Per semplificare, chiameremo l’insieme di oggetti disseminati dal
circolo narcisistico sternberghiano col loro nome più noto: Marlene
Dietrich. Identificarsi con Marlene voleva dire rendere un’immagine
del mondo, raccolto nel paesaggio della figura e soprattutto del
volto dell’attrice (…) come mondo risolto nell’occhio dell’artista
che lo guarda. Che, cioè, si guarda allo specchio e dona agli altri
il riflesso di guardarsi.”
(…)
“Ci si identifica amando: e
Sternberg ‘è sforzato di considerare naturale l’amare Marlene,
nell’ordine delle cose che mediano il rapporto con la propria
persona. Di certo a Marlene non è venuto naturale. Non si può
pretendere che l’acqua si innamori di Narciso. Sternberg lo
pretendeva…”
(…)
Tendersi una morbida trappola e catturarsi magari in un primo piano
di Marlene: il fine di Sternberg. Ma la trappola a se stesso gli
sfuggiva come un risvolto, il retro della vita. “Per incarnare la
mia eroina avevo un modello in testa, e rifiutavo un’attrice dopo
l’altra, per la sola ragione che nessuna corrispondeva all’immagine
che mi perseguitava”. Il modello che aveva in testa era un disegno
di donna del pittore Felicien Rops,
che il regista aveva sempre in mente.”
(…)
”Ma creare un’immagine era allo stesso tempo distruggerla per
mostrare il movimento puro della creazione, il gesto del creatore.

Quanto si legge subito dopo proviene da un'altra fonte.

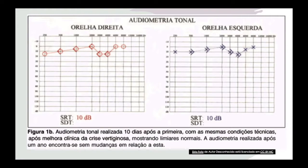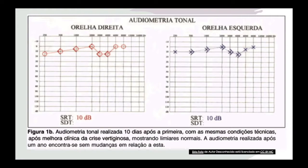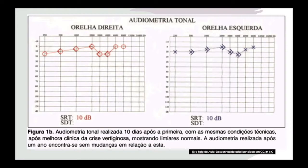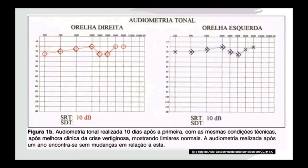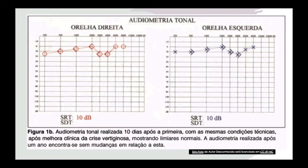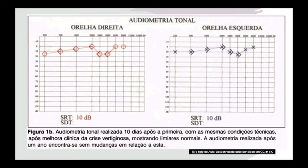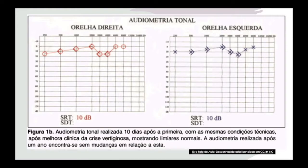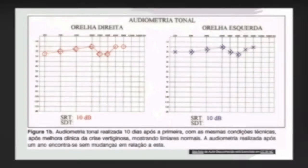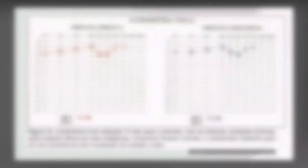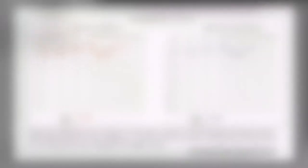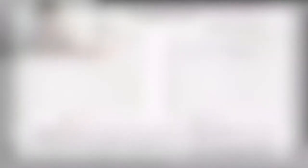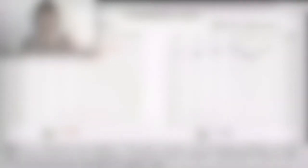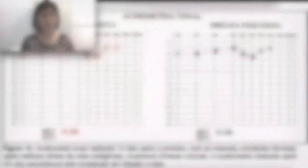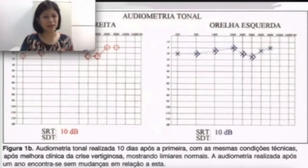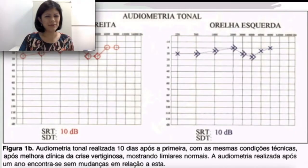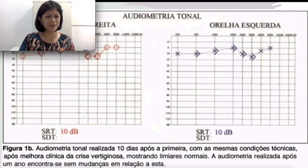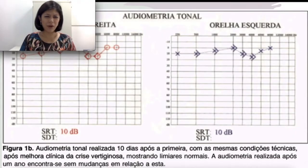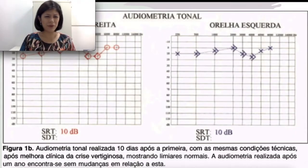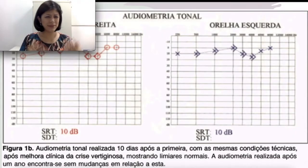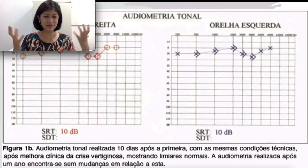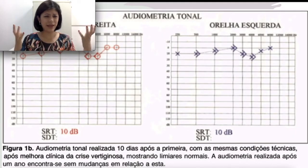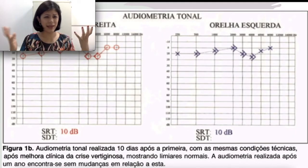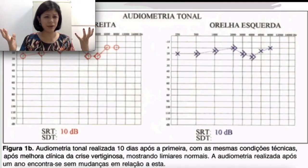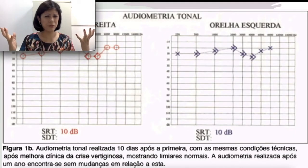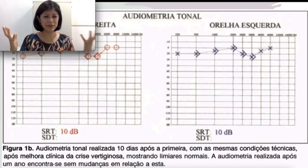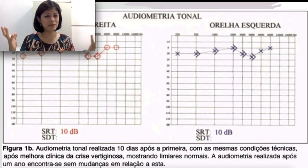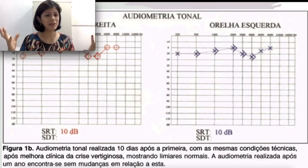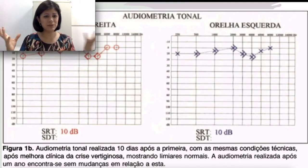e também da via aérea. “O que, via óssea e via aérea? Como assim? Você não explicou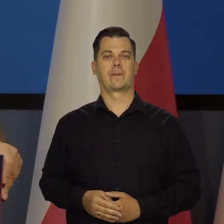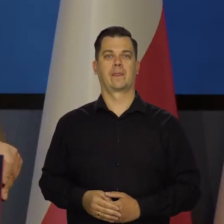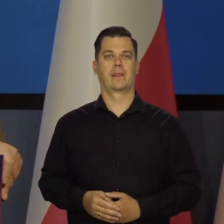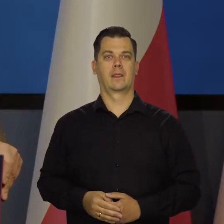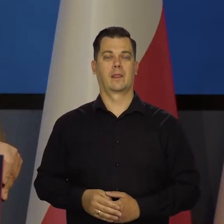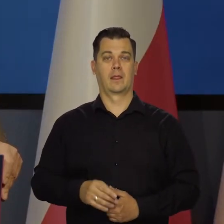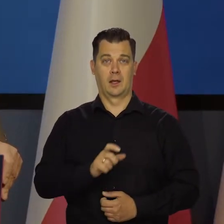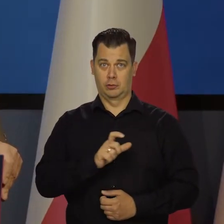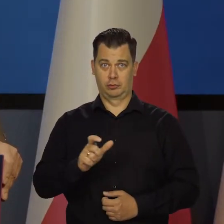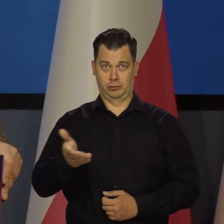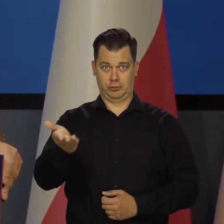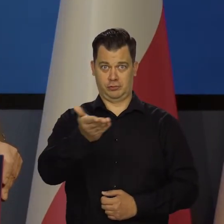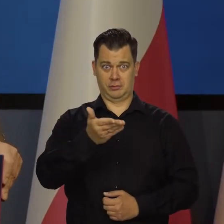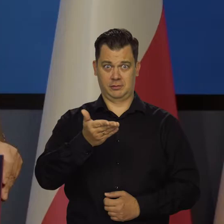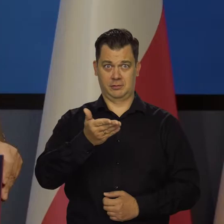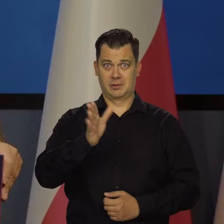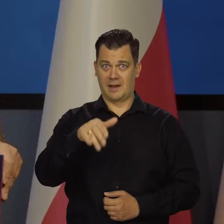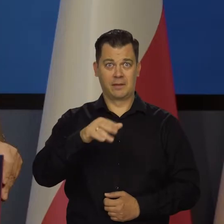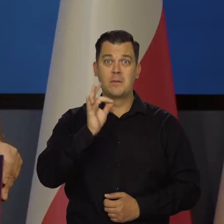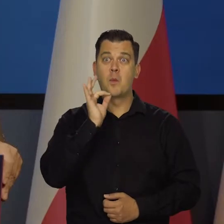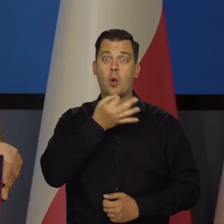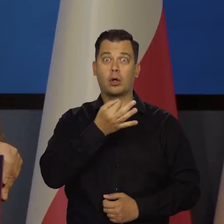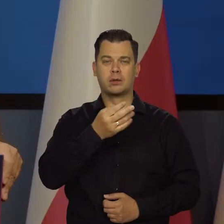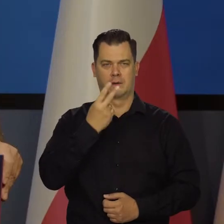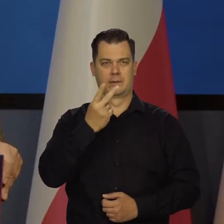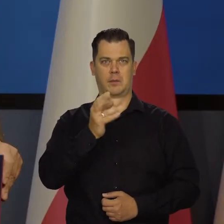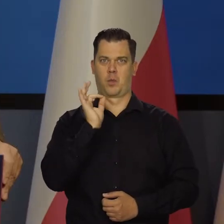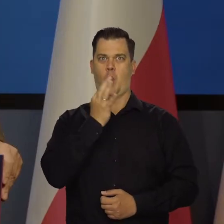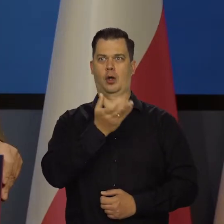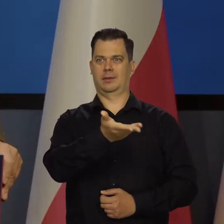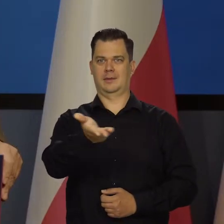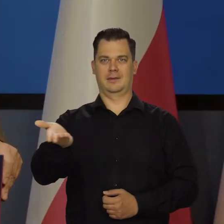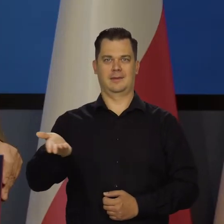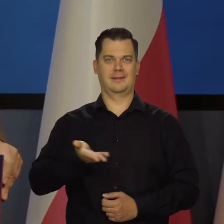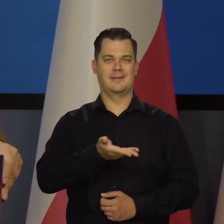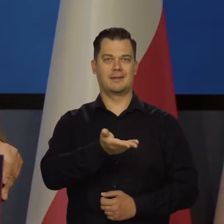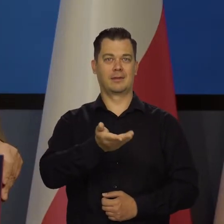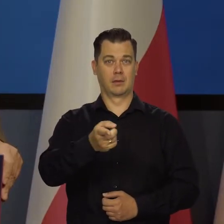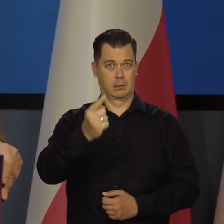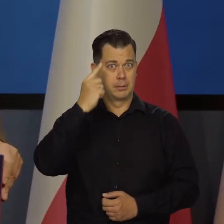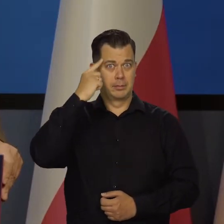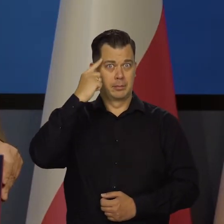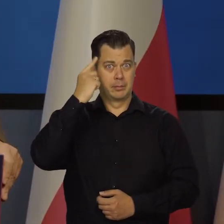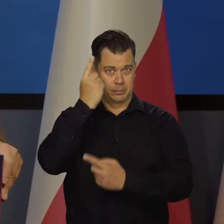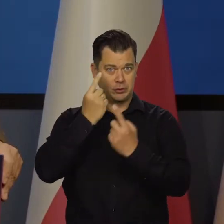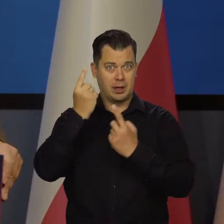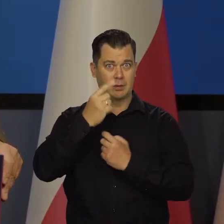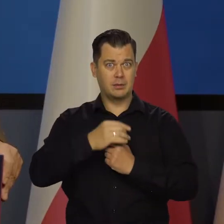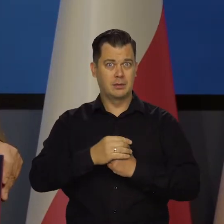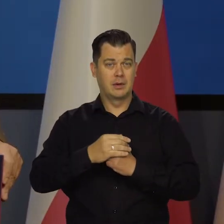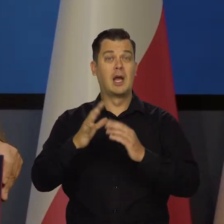Czy komuś z was, nawet młodym ludziom, widzę tu bardzo młode osoby, do głowy coś takiego przychodziło jeszcze 10 lat temu?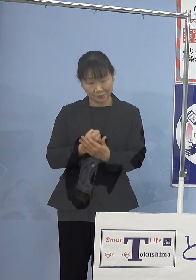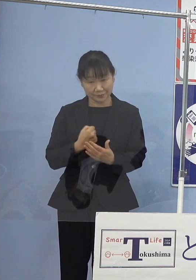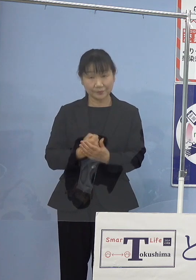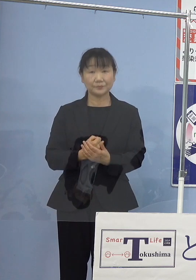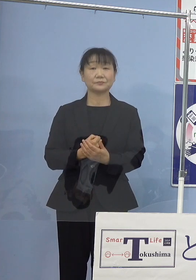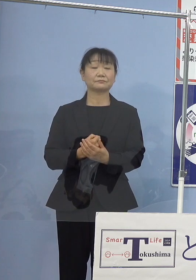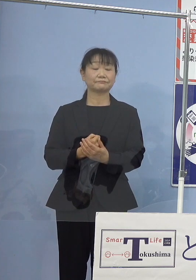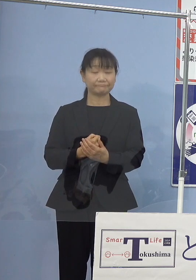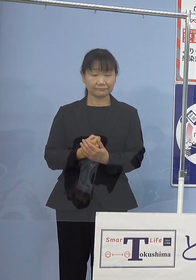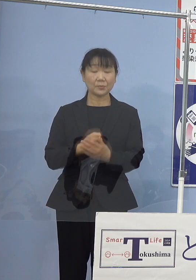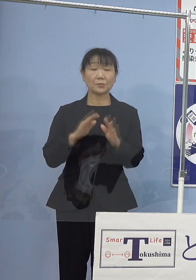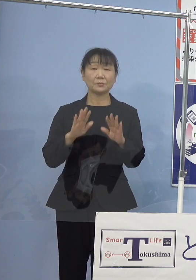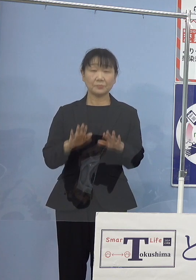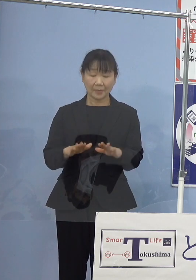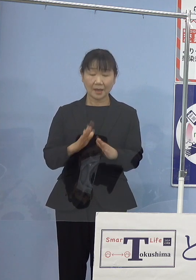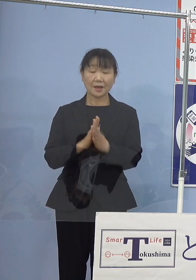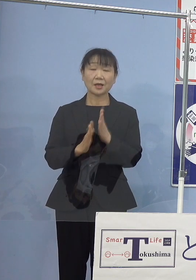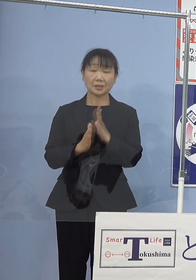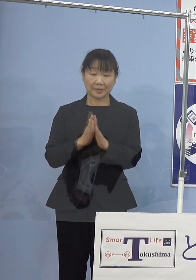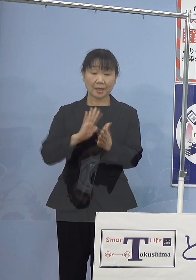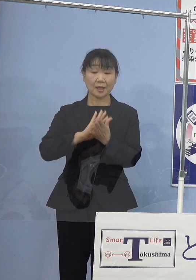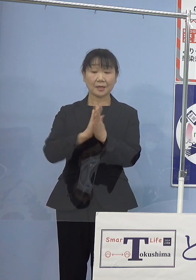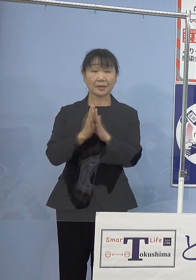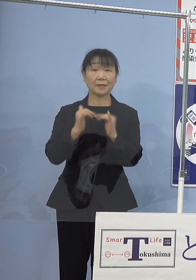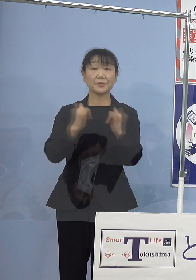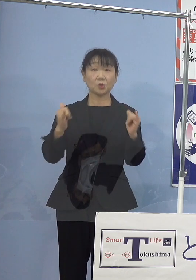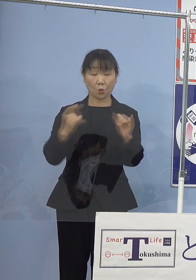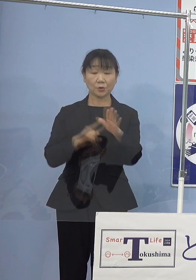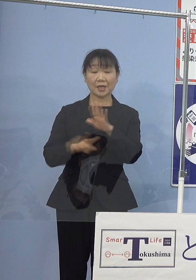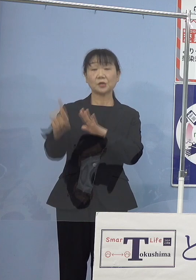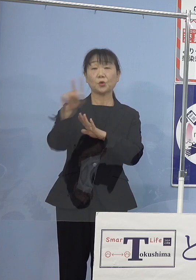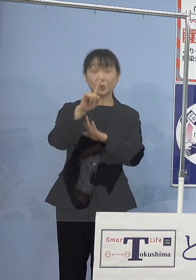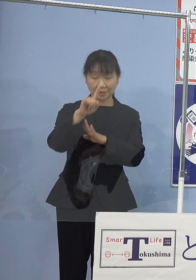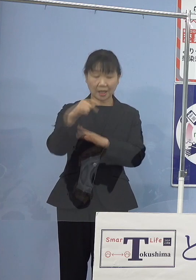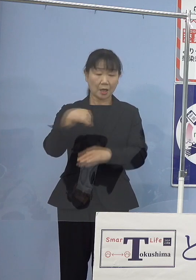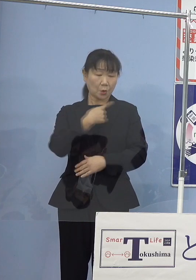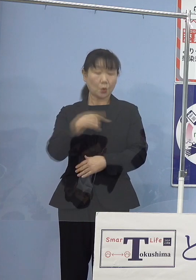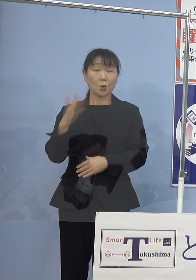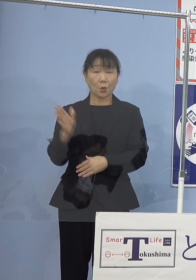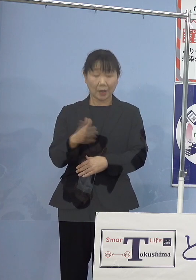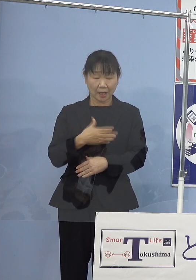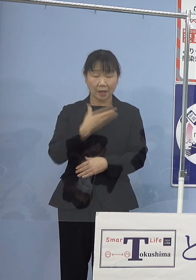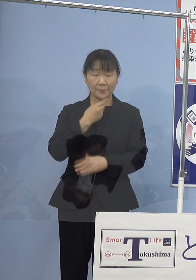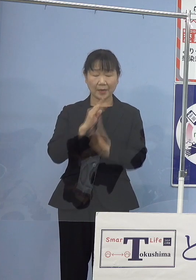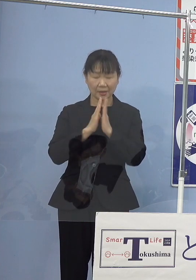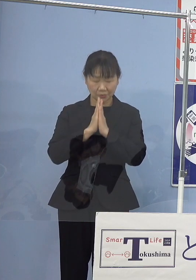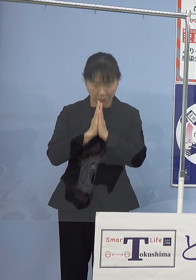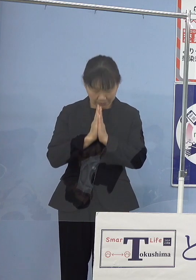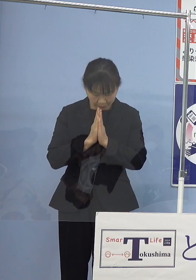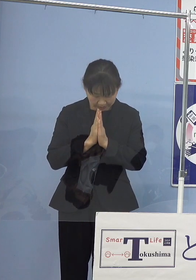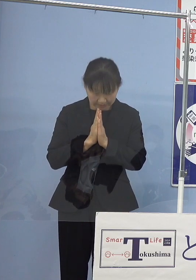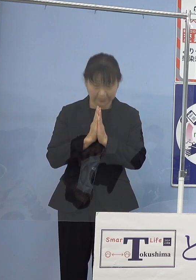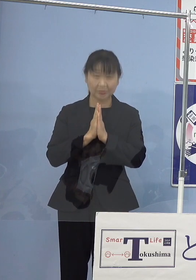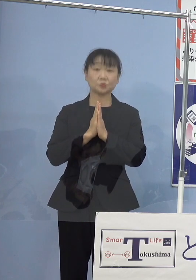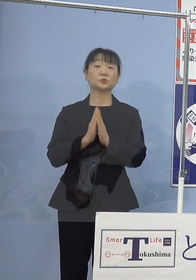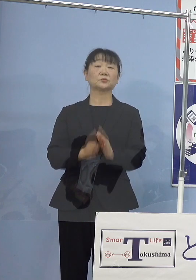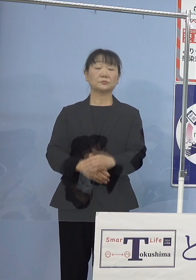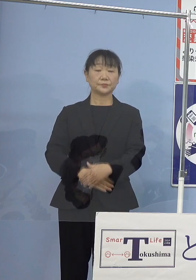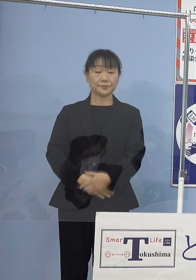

Sternberg stesso assicura “che il fatto di trasformare degli essere
umani in immagini fotografiche non è un atto d’amore”. Egli, del
resto, nega la qualifica di artista all’attore
cinematografico e gli attribuisce, con demiurgica prepotenza, quella
di “nient’altro che uno dei materiali complessi del lavoro di
regista”…”
(M. DE BENEDICTIS, Il
cinema americano, Newton Compton,2005)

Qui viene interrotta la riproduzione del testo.